阿芙洛狄忒总是找各种理由不让他进来,而他也不愿意勉强她。
可她不让他进来,却让别的男人进来。
想到这里,赫菲斯托斯心里的怒火又烧了起来。
他深吸一口气,强迫自己冷静下来。
然后他开始布网。
那网很轻,轻到几乎感觉不到重量,铺在床单上,完全看不出任何痕迹。
他将网的边缘连接在床沿的机关上,那机关是他精心设计的,一旦有人触碰,就会瞬间收紧。
做完这一切,赫菲斯托斯后退几步,仔细端详。
很好。
完全看不出来。
那张床看起来和平时一模一样,丝质的床单平整光滑,枕头并排摆放,看不出任何异常。
赫菲斯托斯的唇角微微上扬,露出一个满意的笑容。
他转过身,走出房间,在宫殿附近找了个隐蔽的地方躲了起来。
接下来,就是等待了。
等待那对奸夫淫妇上钩。
时间一点一点过去。
太阳慢慢西斜,将奥林匹斯山染成一片金黄。
赫菲斯托斯躲在暗处,眼睛紧紧盯着自己宫殿的方向。
心里既紧张又期待。
她会来吗?
他们会上钩吗?
各种念头在脑海里翻涌,可他不敢动,不敢出声,只是静静地等待。
终于,他看到一个人影向这边走来。
阿芙洛狄忒。
她穿着一袭淡紫色的长裙,裙摆在微风中轻轻飘动,像是天边的云彩。
那张让无数神祇魂牵梦萦的脸,此刻正带着一抹慵懒的笑容。
她走得很慢,像是在散步,又像是在等什么人。
走到宫殿门口,她停下脚步,回头看了一眼。
然后她笑了笑,推开门,走了进去。
赫菲斯托斯的心跳快了起来。
他继续等待。
没过多久,另一个人影出现了。
波塞冬。
海神波塞冬,他的脸上带着志在必得的笑容,脚步轻快,向阿芙洛狄忒的宫殿走去。
走到门口,他甚至没有敲门,直接推门而入。
赫菲斯托斯看着这一幕,手紧紧握成拳头。
他们果然在一起。
果然在宫殿里幽会。
他深吸一口气,强迫自己冷静下来。
他要等,等他们上床,等他们触发机关,等他们被网缠住。
到那时候,他再出现,再召唤众神。
让他们身败名裂,让他们成为奥林匹斯山的笑柄。
赫菲斯托斯这样想着,心里的怒火稍稍平息了一些,取而代之的是一种变态的快意。
时间过得很慢,慢得像是在爬行。
赫菲斯托斯紧紧盯着那扇门,等待着那个时刻的到来。
终于——
宫殿里传来一声惊呼。
那声音很轻,隔着厚厚的墙壁,几乎听不见。

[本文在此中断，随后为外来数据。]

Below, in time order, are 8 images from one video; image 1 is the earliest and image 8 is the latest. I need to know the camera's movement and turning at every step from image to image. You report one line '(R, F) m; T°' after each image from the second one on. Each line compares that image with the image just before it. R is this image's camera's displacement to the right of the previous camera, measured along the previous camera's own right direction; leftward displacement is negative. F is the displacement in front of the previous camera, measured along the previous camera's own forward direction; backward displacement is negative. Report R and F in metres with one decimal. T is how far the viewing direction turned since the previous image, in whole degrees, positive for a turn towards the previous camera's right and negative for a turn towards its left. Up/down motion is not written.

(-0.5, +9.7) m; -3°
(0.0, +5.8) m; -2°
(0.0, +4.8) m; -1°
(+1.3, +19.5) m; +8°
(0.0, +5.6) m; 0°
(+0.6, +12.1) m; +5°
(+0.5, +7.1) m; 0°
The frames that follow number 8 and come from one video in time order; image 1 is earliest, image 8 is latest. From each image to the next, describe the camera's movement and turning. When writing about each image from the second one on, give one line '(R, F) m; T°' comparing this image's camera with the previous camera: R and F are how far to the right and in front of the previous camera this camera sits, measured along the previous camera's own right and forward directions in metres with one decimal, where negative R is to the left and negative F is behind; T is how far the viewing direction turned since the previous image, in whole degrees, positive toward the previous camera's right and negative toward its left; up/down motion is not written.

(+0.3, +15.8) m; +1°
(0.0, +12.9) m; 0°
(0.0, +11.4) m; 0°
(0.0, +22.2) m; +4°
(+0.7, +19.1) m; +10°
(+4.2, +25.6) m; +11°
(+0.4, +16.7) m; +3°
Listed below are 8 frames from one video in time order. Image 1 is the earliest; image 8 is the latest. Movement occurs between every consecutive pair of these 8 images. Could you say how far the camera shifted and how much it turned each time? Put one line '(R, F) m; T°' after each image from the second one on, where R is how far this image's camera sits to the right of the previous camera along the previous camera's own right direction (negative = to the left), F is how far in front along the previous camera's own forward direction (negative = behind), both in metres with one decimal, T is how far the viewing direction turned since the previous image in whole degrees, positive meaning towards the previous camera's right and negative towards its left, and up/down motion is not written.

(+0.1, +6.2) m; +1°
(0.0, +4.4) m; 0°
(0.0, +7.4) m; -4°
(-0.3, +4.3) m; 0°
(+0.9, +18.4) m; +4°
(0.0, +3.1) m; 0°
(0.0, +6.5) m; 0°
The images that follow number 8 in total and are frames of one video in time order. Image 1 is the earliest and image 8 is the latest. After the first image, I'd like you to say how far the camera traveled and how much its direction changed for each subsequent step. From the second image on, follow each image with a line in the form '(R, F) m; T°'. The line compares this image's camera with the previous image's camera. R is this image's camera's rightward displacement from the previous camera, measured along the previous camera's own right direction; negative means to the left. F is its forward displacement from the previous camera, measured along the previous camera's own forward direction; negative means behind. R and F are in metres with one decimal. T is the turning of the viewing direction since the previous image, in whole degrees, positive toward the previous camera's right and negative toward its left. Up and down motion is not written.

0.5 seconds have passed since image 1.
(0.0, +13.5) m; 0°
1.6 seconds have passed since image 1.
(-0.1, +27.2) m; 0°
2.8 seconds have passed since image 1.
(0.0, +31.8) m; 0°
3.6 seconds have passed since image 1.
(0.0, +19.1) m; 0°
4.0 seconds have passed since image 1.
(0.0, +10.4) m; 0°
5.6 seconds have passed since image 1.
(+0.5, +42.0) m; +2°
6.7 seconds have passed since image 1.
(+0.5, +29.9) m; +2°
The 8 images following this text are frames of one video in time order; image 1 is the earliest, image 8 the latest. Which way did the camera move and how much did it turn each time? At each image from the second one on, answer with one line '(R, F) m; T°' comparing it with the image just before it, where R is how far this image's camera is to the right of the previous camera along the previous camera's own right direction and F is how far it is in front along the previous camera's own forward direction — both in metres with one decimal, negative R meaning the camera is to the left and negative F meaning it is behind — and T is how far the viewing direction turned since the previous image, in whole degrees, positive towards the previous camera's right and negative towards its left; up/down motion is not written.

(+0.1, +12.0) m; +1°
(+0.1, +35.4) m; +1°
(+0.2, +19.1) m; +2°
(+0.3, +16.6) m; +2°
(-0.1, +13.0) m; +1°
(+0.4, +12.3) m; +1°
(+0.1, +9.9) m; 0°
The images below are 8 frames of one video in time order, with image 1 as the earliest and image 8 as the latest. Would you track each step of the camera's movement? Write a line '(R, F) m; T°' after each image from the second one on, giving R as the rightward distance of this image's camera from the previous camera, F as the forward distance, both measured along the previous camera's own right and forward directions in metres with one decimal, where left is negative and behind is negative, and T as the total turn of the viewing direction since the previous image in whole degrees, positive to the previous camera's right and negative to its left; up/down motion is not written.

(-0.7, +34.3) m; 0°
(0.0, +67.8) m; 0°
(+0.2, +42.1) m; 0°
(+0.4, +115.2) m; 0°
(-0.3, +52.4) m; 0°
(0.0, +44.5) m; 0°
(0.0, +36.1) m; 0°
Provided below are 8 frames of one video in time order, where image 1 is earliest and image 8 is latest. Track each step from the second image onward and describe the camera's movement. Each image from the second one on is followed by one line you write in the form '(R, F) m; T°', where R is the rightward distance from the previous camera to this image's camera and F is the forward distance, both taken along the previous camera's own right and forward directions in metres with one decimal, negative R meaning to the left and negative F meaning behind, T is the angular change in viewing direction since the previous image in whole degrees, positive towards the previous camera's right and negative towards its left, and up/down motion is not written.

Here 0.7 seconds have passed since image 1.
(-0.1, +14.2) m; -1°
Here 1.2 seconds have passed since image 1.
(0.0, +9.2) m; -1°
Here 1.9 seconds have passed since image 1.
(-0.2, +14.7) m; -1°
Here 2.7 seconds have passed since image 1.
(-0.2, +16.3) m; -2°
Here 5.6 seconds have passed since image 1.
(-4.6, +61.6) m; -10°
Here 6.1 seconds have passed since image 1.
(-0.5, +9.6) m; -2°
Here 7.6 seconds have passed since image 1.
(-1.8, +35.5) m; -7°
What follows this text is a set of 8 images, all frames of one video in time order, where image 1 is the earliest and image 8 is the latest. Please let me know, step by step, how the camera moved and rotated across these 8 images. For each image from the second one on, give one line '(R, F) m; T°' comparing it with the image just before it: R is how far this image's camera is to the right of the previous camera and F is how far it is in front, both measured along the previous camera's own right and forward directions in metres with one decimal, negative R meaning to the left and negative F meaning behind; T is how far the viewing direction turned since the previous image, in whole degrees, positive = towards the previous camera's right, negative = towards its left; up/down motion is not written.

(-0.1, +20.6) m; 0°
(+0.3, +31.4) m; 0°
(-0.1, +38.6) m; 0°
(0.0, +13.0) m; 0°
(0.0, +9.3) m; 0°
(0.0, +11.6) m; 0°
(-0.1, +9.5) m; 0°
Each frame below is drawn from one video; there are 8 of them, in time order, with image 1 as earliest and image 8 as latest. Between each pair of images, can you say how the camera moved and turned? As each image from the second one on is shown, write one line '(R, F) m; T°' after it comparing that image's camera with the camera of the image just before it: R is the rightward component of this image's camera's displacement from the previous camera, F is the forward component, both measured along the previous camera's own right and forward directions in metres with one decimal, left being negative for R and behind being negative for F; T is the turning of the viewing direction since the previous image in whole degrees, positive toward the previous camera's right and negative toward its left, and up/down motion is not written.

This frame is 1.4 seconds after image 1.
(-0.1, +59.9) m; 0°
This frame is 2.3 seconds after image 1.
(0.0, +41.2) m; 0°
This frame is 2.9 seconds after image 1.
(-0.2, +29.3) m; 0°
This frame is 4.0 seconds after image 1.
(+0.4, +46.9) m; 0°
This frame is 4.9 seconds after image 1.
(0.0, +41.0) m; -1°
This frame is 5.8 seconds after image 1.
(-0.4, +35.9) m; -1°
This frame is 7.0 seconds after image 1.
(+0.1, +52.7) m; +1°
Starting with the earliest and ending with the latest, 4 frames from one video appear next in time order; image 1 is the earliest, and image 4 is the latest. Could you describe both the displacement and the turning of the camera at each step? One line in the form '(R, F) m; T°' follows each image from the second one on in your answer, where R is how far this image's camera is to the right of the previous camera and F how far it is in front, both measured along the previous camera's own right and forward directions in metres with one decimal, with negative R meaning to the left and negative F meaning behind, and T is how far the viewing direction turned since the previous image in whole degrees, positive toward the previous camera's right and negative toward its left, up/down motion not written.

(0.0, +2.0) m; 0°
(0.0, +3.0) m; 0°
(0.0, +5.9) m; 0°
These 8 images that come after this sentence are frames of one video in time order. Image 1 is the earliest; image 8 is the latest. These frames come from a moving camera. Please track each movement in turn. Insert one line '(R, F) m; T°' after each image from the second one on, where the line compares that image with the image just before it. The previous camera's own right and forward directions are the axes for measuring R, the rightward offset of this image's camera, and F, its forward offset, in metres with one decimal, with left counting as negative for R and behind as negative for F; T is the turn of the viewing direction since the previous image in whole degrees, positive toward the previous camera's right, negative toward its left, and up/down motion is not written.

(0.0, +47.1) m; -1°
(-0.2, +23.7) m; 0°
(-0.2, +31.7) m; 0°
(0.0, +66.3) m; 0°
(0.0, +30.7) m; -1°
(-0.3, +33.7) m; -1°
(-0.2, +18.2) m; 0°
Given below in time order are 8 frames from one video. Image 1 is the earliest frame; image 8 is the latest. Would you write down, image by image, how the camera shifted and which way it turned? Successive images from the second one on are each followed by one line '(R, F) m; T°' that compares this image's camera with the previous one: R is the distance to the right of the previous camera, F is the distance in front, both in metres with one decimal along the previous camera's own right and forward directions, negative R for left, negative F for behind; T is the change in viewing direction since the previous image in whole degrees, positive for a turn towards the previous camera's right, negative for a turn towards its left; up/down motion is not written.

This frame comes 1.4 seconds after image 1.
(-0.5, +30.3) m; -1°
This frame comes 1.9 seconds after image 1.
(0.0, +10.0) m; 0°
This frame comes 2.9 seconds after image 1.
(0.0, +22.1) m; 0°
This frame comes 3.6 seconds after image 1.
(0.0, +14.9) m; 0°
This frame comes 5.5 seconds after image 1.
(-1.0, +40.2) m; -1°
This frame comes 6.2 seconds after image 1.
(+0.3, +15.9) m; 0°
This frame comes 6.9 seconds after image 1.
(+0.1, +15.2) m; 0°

可赫菲斯托斯听到了。
他的眼睛亮了起来。
成功了。
他们触发了机关。
赫菲斯托斯从暗处走出来,向着宫殿内部走去。
脚步很快,一瘸一拐,却带着一种迫不及待的兴奋。
他推开门,穿过走廊,来到那间婚房前。
门虚掩着。
他深吸一口气,然后猛地推开门。
只见房间里,那张巨大的婚床上,阿芙洛狄忒和波塞冬紧紧缠在一起,一张无形的金色巨网笼罩在他们身上,让他们动弹不得。
那些金线细得几乎看不见,却坚韧得无法挣脱。
它们缠绕在两人身上,缠绕在四肢上,缠绕在脖颈上,将两人紧紧捆在一起,捆成一个扭曲的姿势。
阿芙洛狄忒的淡紫色长裙被扯得凌乱不堪,露出大片雪白的肌肤。
她的长发散乱,脸上满是惊恐和愤怒,正在奋力挣扎。可那些金线越挣扎越紧,紧紧勒进她的肌肤,在上面留下深深的红痕。
波塞冬同样好不到哪去。
他的深蓝色长袍被撕开,露出结实的胸膛。
他的脸上满是羞怒,正在试图挣断那些金线,可那些金线坚韧得可怕,以他的神力,竟然也无法挣脱。
“放开我们!”阿芙洛狄忒尖声叫道,声音里满是愤怒和恐惧。
波塞冬没有说话,只是用那双充血的眼睛死死盯着赫菲斯托斯。
赫菲斯托斯看着这一幕,心里的快意几乎要溢出来。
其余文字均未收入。